If these political themes impugn the novel as a form, it is reciprocally the case that at other levels the form of Jude the Obscure—its imagistic architecture and narratological mode—commends poetry. Hardy’s End, understood as formally necessary, must entail both a rejection of the novel and an embrace of poetry, a turn to the formal affordances of the poetic line. Hardy’s most intriguing remark about Jude the Obscure opens on to these other levels of form: he declared that his novel was “geometrically constructed” (Collected Letters 2.93). Geometry is a somewhat odd metaphor for literary composition: while the novel builds a world out of words, geometry models the world in lines and shapes. The curious notion that geometry founds the novel entails the corollaries that shape precedes word and that lines frame letters—corollaries that are arguably integral to the formal work of Jude the Obscure. “Geometry” seems like Hardy’s name for the affordances of the line, and his fascination with it may account for his embrace of experiments with the poetic line.
To consider this fascination more fully, let us explore some resonances of geometry in the novel. The plot centers on a love rectangle between Jude, Sue, Arabella, and Phillotson; the lines of this rectangle are underscored by the narrator’s remarkable repetition of the phrase “they walked in parallel lines” to describe Jude’s first meeting with Arabella and his first meeting with Sue. Hardy referred to this rectangle as a “quadrille” in which the “involutions of four lives” constantly realign vertices; Ramon Saldivar has remarked that these crossings and reunions make chiasmus the master trope of the novel (614). Alongside the rectangle and the crossings, shapes of all sorts undergird the novel’s descriptive imagery, with practically every page marked by “circuitous routes,” “concave fields,” “perpendicular scarps,” “acute sorrows,” “interstices,” “conjectures,” “convergences,” “crooked and gentle declivities,” and so on. Jude the Obscure’s geometry consists in variable metrics for marking terrains, delimiting bounds, and searching for space amid existing planar constructions. Although Hardy’s consistent interest in setting led him to invent a region of England to whose imaginary maps his texts would be faithful, Jude the Obscure departs from the rural pastoralism of the Wessex novels in its greater focus on cities—design-heavy, densely-built environments. The importance of location in space is shown by the novel’s distinctive organizational scheme, again departing from the other Wessex texts: it is divided not into chapters with titles, but into ordinally numbered parts with place names, “At Marygreen,” “At Shaston,” “At Melchester,” and so on, the preposition “at” indicating the punctuality of such a conception of place. The narrative repeatedly recurs to “The Fourways,” a chiastic intersection at which Jude assesses the paths available to him. The exploration of place and movement between locales is one of the formal features by which Jude the Obscure develops its critique of the space of the social, whose boundaries cannot accommodate unconventionally shaped lives.

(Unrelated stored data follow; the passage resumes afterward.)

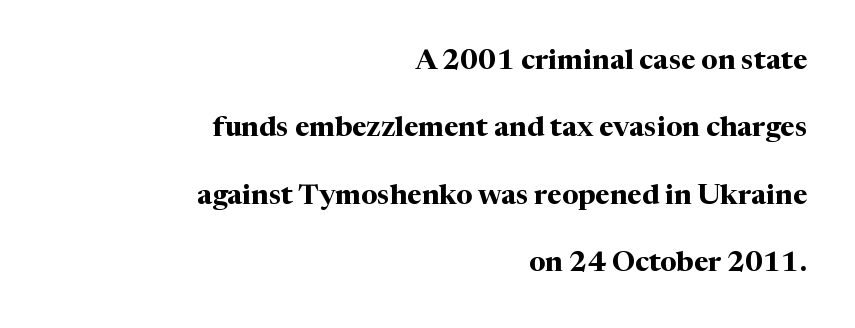
Q: Is the text bold? A: Yes.
Q: Is the text italic (slanted)? A: No, it is upright.
Q: Is the typeface a serif or a sans-serif typeface? A: Serif.
Q: Is the text underlined? A: No.
Q: How is the paragraph aligned? A: Right-aligned.
Q: Is the spacing between letters normal or unusually wide? A: Normal.
Q: Is the spacing between lines tight, normal or loose? A: Loose.
Q: Width (condensed, normal, or wide)? A: Normal.
Q: Stroke contrast? A: Medium.
Q: x-height? A: Medium.
Q: Monospaced? A: No.

In addition to geometric imagery, the novel also constructs a geometrically-informed method of relaying its story, what we might call an “elliptical” narration. From the Greek ellipsein, “to come short,” an ellipse is formed when a cross-section of a cone “comes short” of paralleling the base, and instead bisects the cone obliquely, yielding the oval rather than circular shape. In nineteenth-century usage, according to the OED, “ellipse” also signified what we now deem “ellipsis,” the grammatical connotation of “coming short”: incomplete sentences driven by omission, and the typographical mark thereof, a dash (—) or dot dot dot (…). Hardy’s prescription that “the novelist’s talent is to see in half and quarter views the whole picture” finds its fulfillment in the abundance of such syntactical ellipsis in Jude the Obscure, and in the general attitude of omission: skipping around in time (“when leafy summer came round again”), forgoing opportunities for narratorial evaluation (“The purpose of a chronicler of moods and deeds does not require him to express his personal views upon the grave controversy above given”), and redacting all the happy parts (“That the twain were happy —between their times of sadness—was indubitable.”)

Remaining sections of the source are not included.